# How do you rank yourself with position and pay??



## welsh (Jan 8, 2007)

I have three years exp. and I am planning on going to school. I have worked in many different places from casual to fine dining. I have finally worked my way up from dishland to being a line cook. I have made from $6 to $15 an hour. The job that I am at now the KM is asking me what to do or what do I think or can I take over so he can fart off. And I'm at the bottom of the barrel with the pay to show for it. H*** he's never in the kitchen any more, you would think he was a front of the house manager. Now my thing is I know I am good at whatever I put my mind to but what am I worth? Espacialy standing next to men with over 15 yrs of expeirence with my little 3 yrs with no type of papers. How do you classify your selfworth? I'm so confused.


----------



## fledgling (Jan 13, 2007)

I'm not sure. At my work, I get paid an extra $2 an hour because I am a culinary student. The reason is, I work in high-volume and we usually need temps that have NO experience (or know a word of the english language). I have a great position there- I prepare meals for the suites at Invesco Field (Bronco's stadium) and talk with the customers, and they love to watch someone prepare the food for them, and I got that because I am in culinary school. 

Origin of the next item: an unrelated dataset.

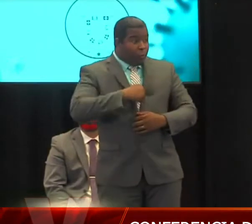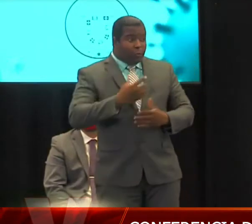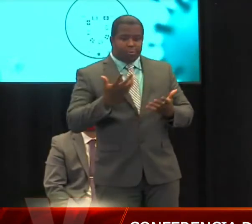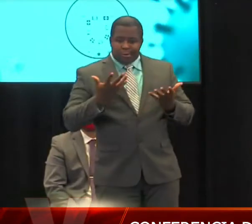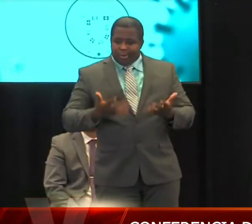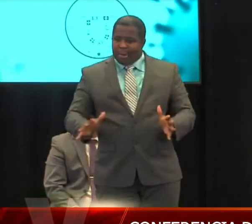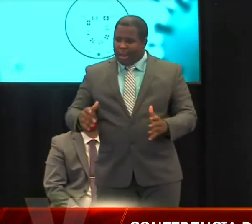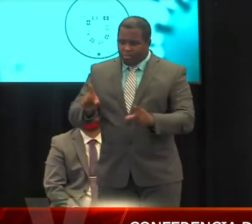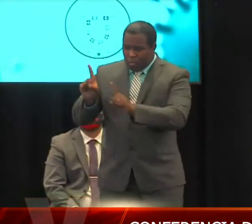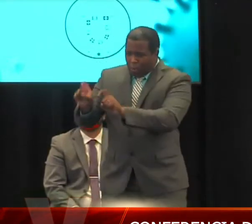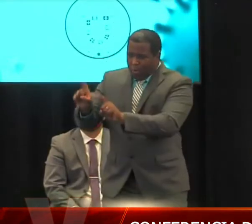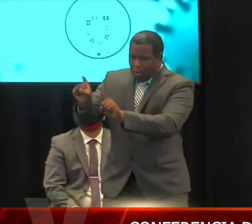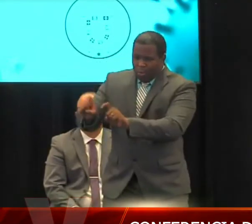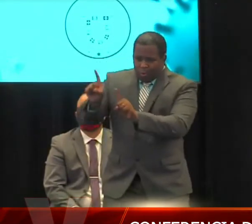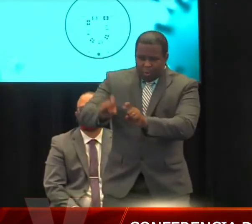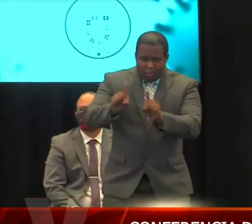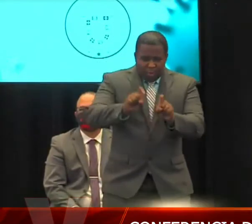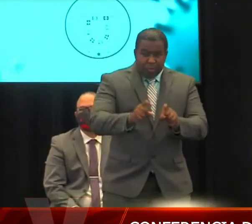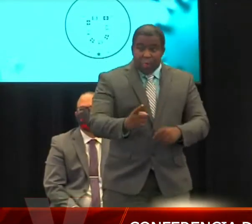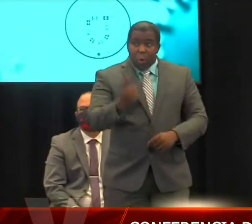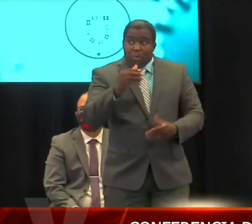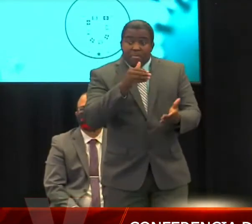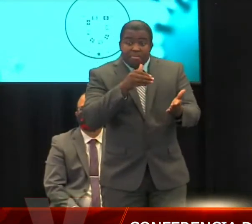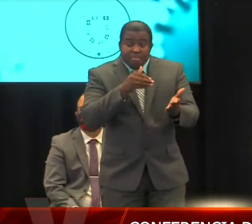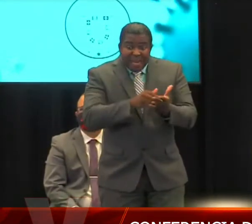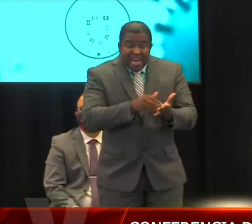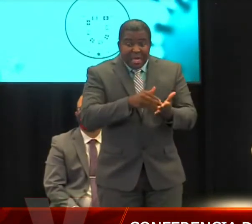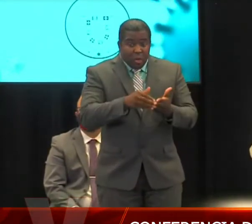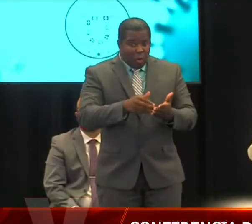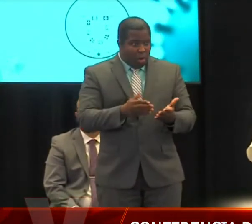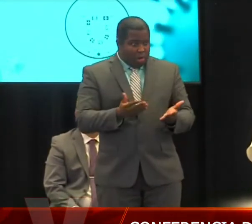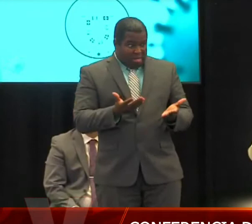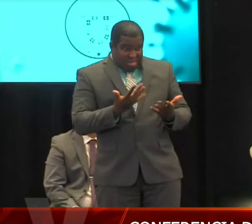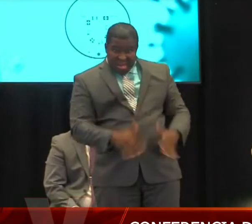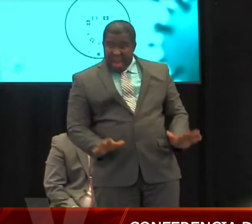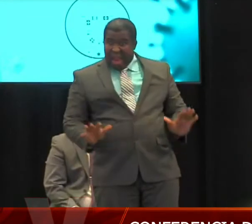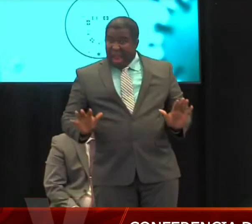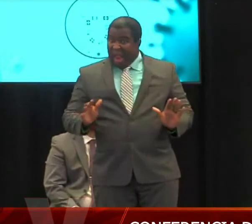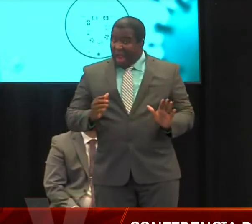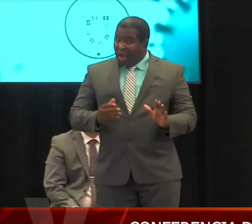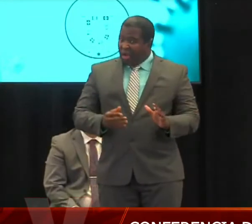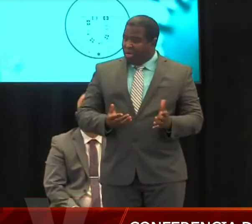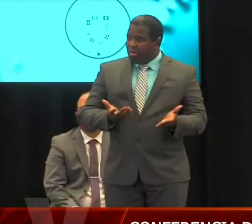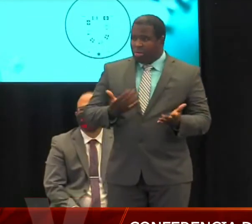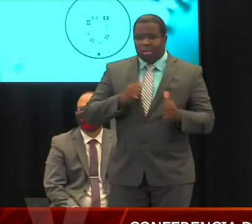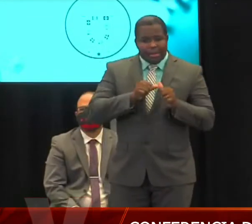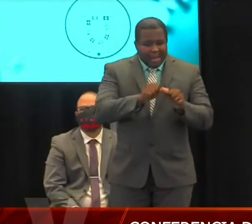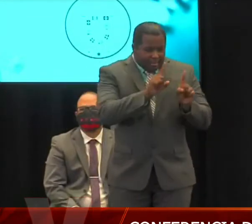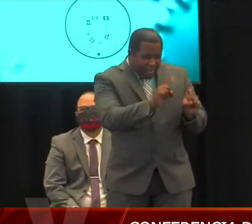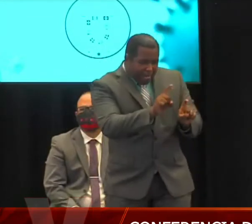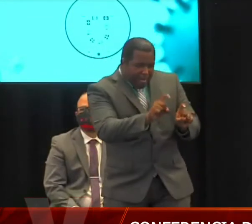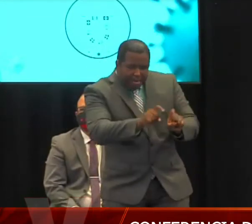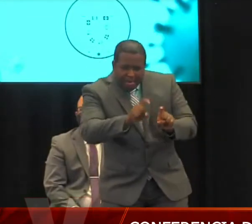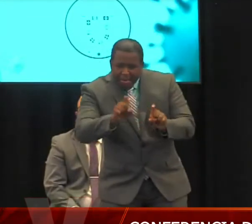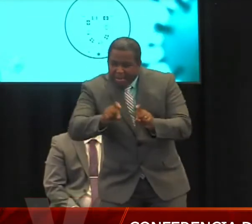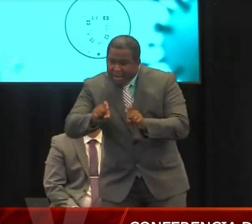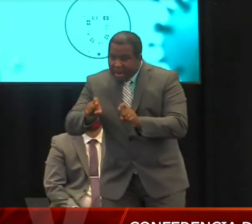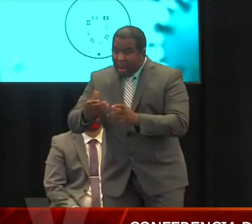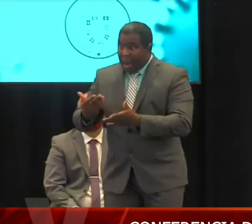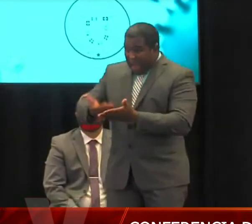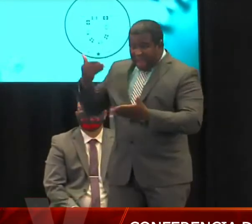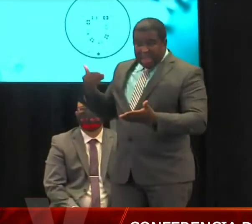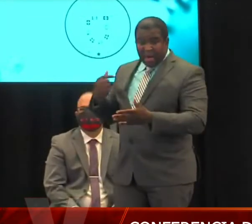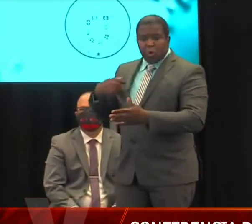serológicas, el dato se cuestionaba, cuando yo empecé en marzo 30, teníamos 1.500 pruebas disponibles en Puerto Rico,
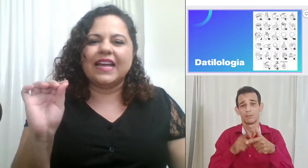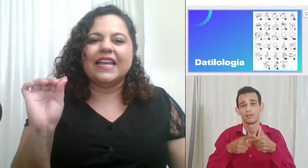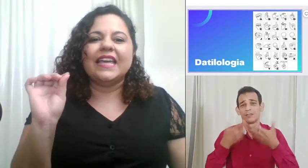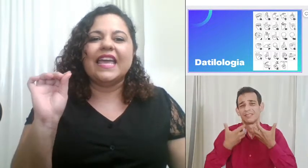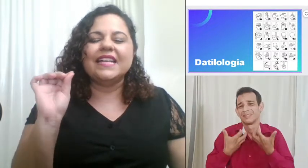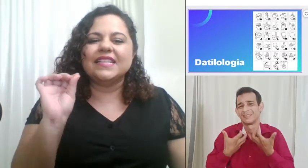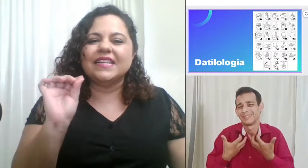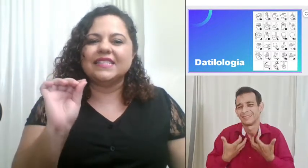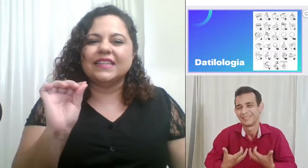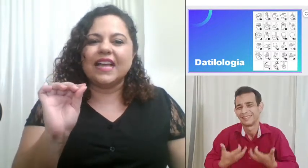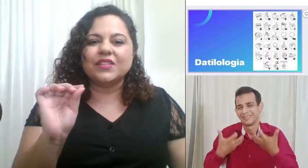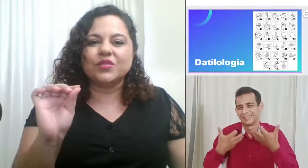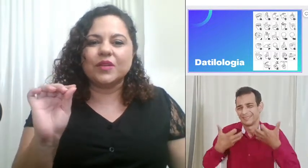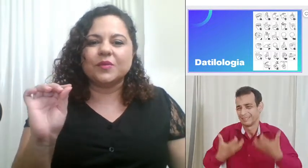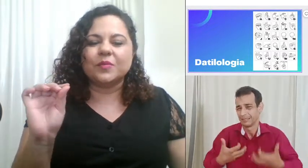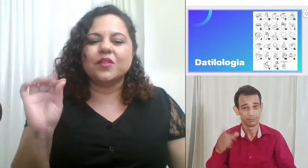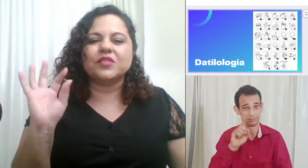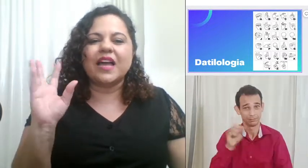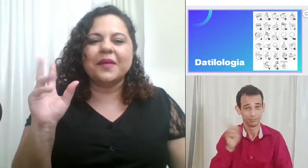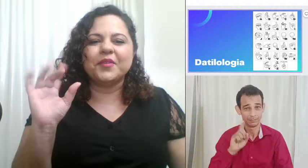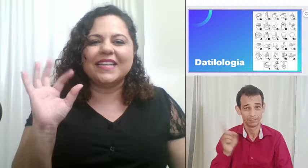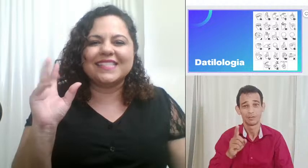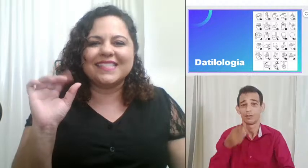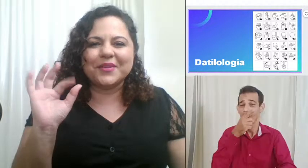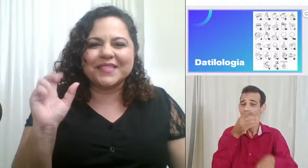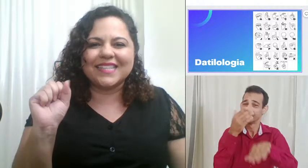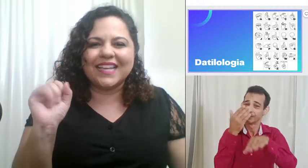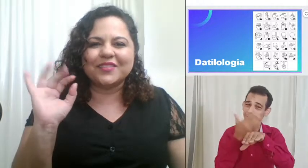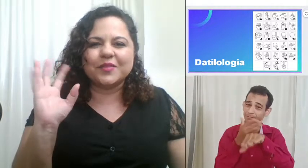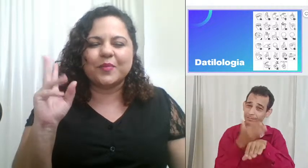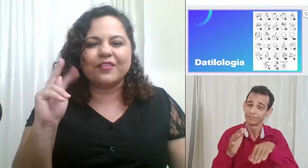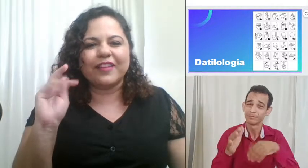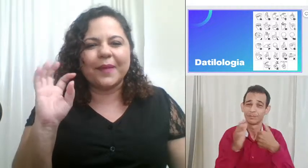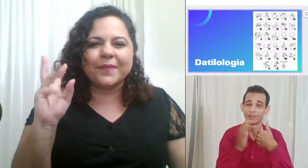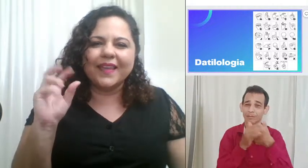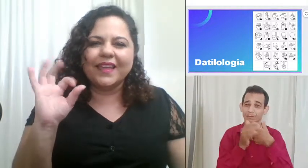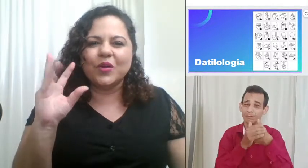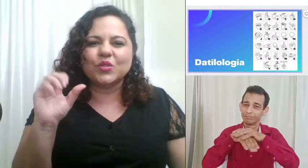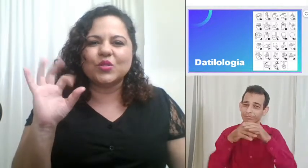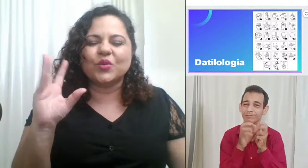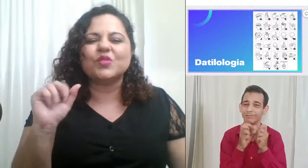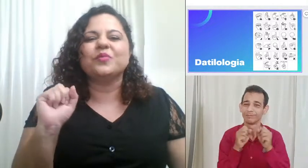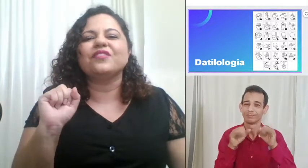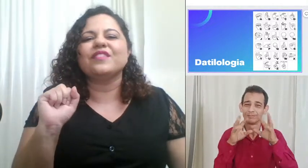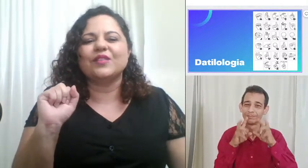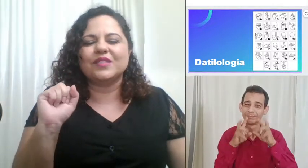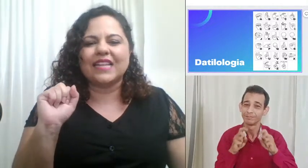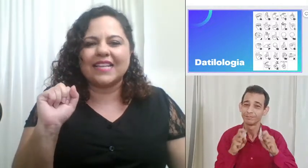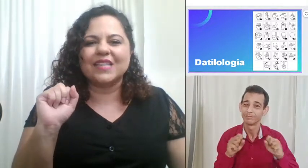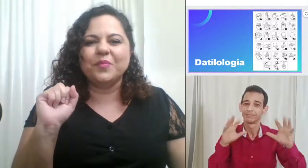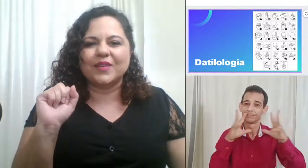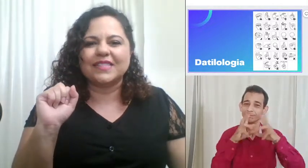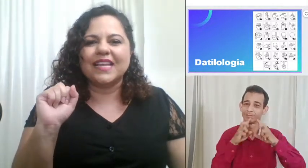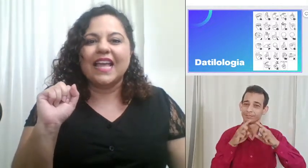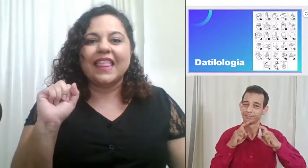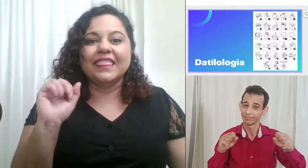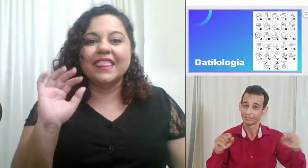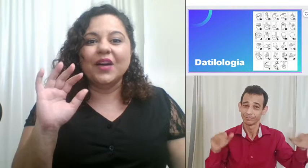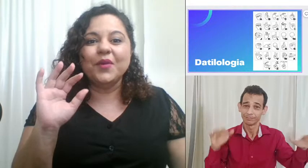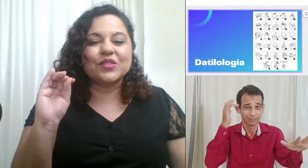exercitar suas mãos amolecer os dedos para ficar bem gostoso para fazer os sinais depois não é

There aren't any better positions at my workplace other than supervisory (which I would rather not have), and they base that off of experience. Give yourself a few more years and you'll get great pay. I've learned that I will not work for anyone under $11/hr now, but I'm still young in this industry too. Good luck.


----------



## panini (Jul 28, 2001)

My position is OK.
My pay could always be better.
of course I work to live, used to do the opposite.


----------



## steve a (Mar 13, 2006)

Welsh, is your dad JL???

Regarding pay, it depends *more* on your location vice your abilities. In a metropolitan area a low end cook will make far more than a high end cook in the boonies. It's all about the cost of living.

Ciao,


----------



## welsh (Jan 8, 2007)

No not JL but SL.
thanks for the advice everyone


----------



## ras1187 (Oct 3, 2006)

Of course I will always want higher pay, but for now 11/hr is really good for the chicagoland area. I inquired about an opening at a very nice french bistro, and their cooks make 7/hr.


----------



## salliem (Nov 3, 2006)

I am currently the prep cook for a sports bar/restaurant in Florida..I have 29 years experience..no culinary school and I make fairly decent money. I too have checked around and my pay scale is much higher than most here.


----------



## headless chicken (Apr 28, 2003)

Problem is, there is no standard pay to rank/exp. I only got 1 year in my belt plus 2 in schooling with no papers and I started off at $10/hr, no benefits till after a 6 month probationary. Here I am 1 year later, 3x the workload, at $11/hr only made worse now with people leaving left and right. If that isn't the bad part, home office won't let us hire more people unless we can make more money to justify the extra help. 

um...wtf? Sales will continue to go steadily down with people leaving and you won't let us hire replacements unless you see more money. More people = higher sales, 3 people can't man 5-6 stations 10hrs per day.


----------